WHAT IS NEEDED:
The whole listing is to be returned exactly.

GIVEN RECORDS:
-----

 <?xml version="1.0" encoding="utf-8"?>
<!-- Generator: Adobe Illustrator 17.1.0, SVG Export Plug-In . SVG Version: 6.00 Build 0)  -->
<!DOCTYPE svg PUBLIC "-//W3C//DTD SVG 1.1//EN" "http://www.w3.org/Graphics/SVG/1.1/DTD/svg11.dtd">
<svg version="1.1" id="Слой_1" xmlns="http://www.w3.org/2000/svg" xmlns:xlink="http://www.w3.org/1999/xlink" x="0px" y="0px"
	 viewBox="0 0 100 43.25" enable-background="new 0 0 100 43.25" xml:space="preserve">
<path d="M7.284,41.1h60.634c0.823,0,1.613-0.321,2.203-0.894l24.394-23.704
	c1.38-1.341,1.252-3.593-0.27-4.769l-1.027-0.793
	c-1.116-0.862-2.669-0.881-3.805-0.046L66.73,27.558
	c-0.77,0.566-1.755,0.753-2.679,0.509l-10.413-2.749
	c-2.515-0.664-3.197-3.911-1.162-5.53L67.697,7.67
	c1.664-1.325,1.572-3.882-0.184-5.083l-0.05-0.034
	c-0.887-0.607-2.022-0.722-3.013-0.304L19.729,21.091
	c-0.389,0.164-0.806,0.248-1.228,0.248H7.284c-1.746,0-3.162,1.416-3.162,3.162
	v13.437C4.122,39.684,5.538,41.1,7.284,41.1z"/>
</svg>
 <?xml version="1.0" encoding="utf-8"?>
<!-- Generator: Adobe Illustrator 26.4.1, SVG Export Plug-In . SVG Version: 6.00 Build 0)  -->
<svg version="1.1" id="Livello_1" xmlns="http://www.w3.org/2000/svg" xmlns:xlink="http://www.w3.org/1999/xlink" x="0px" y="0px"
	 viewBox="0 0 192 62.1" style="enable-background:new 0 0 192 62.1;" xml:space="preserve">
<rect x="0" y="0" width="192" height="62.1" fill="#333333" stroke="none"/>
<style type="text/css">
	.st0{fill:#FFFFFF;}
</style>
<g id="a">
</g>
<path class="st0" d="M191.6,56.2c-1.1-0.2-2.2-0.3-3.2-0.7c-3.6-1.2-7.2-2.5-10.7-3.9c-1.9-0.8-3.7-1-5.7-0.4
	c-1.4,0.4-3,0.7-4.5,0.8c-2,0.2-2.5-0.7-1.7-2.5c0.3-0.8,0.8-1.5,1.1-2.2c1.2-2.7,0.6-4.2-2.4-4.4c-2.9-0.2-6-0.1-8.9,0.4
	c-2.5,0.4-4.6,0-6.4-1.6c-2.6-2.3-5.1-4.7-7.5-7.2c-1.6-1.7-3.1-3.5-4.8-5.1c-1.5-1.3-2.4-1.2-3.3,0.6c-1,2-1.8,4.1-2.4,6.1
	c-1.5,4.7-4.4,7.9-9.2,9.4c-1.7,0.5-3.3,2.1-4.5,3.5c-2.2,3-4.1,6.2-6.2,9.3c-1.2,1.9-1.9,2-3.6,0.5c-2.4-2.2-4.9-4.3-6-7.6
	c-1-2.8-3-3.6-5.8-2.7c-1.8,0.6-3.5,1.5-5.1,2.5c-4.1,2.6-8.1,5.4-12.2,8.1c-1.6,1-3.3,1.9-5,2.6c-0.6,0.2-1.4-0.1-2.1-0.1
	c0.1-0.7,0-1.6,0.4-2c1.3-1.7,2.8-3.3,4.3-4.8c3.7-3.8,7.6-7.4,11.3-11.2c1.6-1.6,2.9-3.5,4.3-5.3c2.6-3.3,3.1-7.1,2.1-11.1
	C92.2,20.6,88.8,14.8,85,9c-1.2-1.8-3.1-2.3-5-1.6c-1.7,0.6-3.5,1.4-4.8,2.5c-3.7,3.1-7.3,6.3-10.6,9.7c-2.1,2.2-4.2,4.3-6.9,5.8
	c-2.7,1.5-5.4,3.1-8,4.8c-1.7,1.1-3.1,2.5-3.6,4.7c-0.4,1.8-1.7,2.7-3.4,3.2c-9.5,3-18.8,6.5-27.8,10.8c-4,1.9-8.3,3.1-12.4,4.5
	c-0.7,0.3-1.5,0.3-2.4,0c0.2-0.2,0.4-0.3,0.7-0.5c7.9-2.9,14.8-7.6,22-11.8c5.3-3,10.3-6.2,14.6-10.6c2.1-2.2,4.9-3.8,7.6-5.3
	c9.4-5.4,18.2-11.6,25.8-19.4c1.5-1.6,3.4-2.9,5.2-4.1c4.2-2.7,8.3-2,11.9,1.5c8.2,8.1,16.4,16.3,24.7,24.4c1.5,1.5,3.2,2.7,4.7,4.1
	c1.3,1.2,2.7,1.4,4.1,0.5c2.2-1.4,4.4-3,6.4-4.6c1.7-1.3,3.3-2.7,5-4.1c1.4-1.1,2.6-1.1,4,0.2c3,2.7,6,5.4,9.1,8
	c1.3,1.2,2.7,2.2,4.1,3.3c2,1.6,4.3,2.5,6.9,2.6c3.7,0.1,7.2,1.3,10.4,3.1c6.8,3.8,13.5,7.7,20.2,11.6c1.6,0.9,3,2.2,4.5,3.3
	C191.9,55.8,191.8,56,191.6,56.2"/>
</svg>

-----

WRITTEN SOLUTION:
 <?xml version="1.0" encoding="utf-8"?>
<!-- Generator: Adobe Illustrator 17.1.0, SVG Export Plug-In . SVG Version: 6.00 Build 0)  -->
<!DOCTYPE svg PUBLIC "-//W3C//DTD SVG 1.1//EN" "http://www.w3.org/Graphics/SVG/1.1/DTD/svg11.dtd">
<svg version="1.1" id="Слой_1" xmlns="http://www.w3.org/2000/svg" xmlns:xlink="http://www.w3.org/1999/xlink" x="0px" y="0px"
	 viewBox="0 0 100 43.25" enable-background="new 0 0 100 43.25" xml:space="preserve">
<path d="M7.284,41.1h60.634c0.823,0,1.613-0.321,2.203-0.894l24.394-23.704
	c1.38-1.341,1.252-3.593-0.27-4.769l-1.027-0.793
	c-1.116-0.862-2.669-0.881-3.805-0.046L66.73,27.558
	c-0.77,0.566-1.755,0.753-2.679,0.509l-10.413-2.749
	c-2.515-0.664-3.197-3.911-1.162-5.53L67.697,7.67
	c1.664-1.325,1.572-3.882-0.184-5.083l-0.05-0.034
	c-0.887-0.607-2.022-0.722-3.013-0.304L19.729,21.091
	c-0.389,0.164-0.806,0.248-1.228,0.248H7.284c-1.746,0-3.162,1.416-3.162,3.162
	v13.437C4.122,39.684,5.538,41.1,7.284,41.1z"/>
</svg>
 <?xml version="1.0" encoding="utf-8"?>
<!-- Generator: Adobe Illustrator 26.4.1, SVG Export Plug-In . SVG Version: 6.00 Build 0)  -->
<svg version="1.1" id="Livello_1" xmlns="http://www.w3.org/2000/svg" xmlns:xlink="http://www.w3.org/1999/xlink" x="0px" y="0px"
	 viewBox="0 0 192 62.1" style="enable-background:new 0 0 192 62.1;" xml:space="preserve">
<rect x="0" y="0" width="192" height="62.1" fill="#333333" stroke="none"/>
<style type="text/css">
	.st0{fill:#FFFFFF;}
</style>
<g id="a">
</g>
<path class="st0" d="M191.6,56.2c-1.1-0.2-2.2-0.3-3.2-0.7c-3.6-1.2-7.2-2.5-10.7-3.9c-1.9-0.8-3.7-1-5.7-0.4
	c-1.4,0.4-3,0.7-4.5,0.8c-2,0.2-2.5-0.7-1.7-2.5c0.3-0.8,0.8-1.5,1.1-2.2c1.2-2.7,0.6-4.2-2.4-4.4c-2.9-0.2-6-0.1-8.9,0.4
	c-2.5,0.4-4.6,0-6.4-1.6c-2.6-2.3-5.1-4.7-7.5-7.2c-1.6-1.7-3.1-3.5-4.8-5.1c-1.5-1.3-2.4-1.2-3.3,0.6c-1,2-1.8,4.1-2.4,6.1
	c-1.5,4.7-4.4,7.9-9.2,9.4c-1.7,0.5-3.3,2.1-4.5,3.5c-2.2,3-4.1,6.2-6.2,9.3c-1.2,1.9-1.9,2-3.6,0.5c-2.4-2.2-4.9-4.3-6-7.6
	c-1-2.8-3-3.6-5.8-2.7c-1.8,0.6-3.5,1.5-5.1,2.5c-4.1,2.6-8.1,5.4-12.2,8.1c-1.6,1-3.3,1.9-5,2.6c-0.6,0.2-1.4-0.1-2.1-0.1
	c0.1-0.7,0-1.6,0.4-2c1.3-1.7,2.8-3.3,4.3-4.8c3.7-3.8,7.6-7.4,11.3-11.2c1.6-1.6,2.9-3.5,4.3-5.3c2.6-3.3,3.1-7.1,2.1-11.1
	C92.2,20.6,88.8,14.8,85,9c-1.2-1.8-3.1-2.3-5-1.6c-1.7,0.6-3.5,1.4-4.8,2.5c-3.7,3.1-7.3,6.3-10.6,9.7c-2.1,2.2-4.2,4.3-6.9,5.8
	c-2.7,1.5-5.4,3.1-8,4.8c-1.7,1.1-3.1,2.5-3.6,4.7c-0.4,1.8-1.7,2.7-3.4,3.2c-9.5,3-18.8,6.5-27.8,10.8c-4,1.9-8.3,3.1-12.4,4.5
	c-0.7,0.3-1.5,0.3-2.4,0c0.2-0.2,0.4-0.3,0.7-0.5c7.9-2.9,14.8-7.6,22-11.8c5.3-3,10.3-6.2,14.6-10.6c2.1-2.2,4.9-3.8,7.6-5.3
	c9.4-5.4,18.2-11.6,25.8-19.4c1.5-1.6,3.4-2.9,5.2-4.1c4.2-2.7,8.3-2,11.9,1.5c8.2,8.1,16.4,16.3,24.7,24.4c1.5,1.5,3.2,2.7,4.7,4.1
	c1.3,1.2,2.7,1.4,4.1,0.5c2.2-1.4,4.4-3,6.4-4.6c1.7-1.3,3.3-2.7,5-4.1c1.4-1.1,2.6-1.1,4,0.2c3,2.7,6,5.4,9.1,8
	c1.3,1.2,2.7,2.2,4.1,3.3c2,1.6,4.3,2.5,6.9,2.6c3.7,0.1,7.2,1.3,10.4,3.1c6.8,3.8,13.5,7.7,20.2,11.6c1.6,0.9,3,2.2,4.5,3.3
	C191.9,55.8,191.8,56,191.6,56.2"/>
</svg>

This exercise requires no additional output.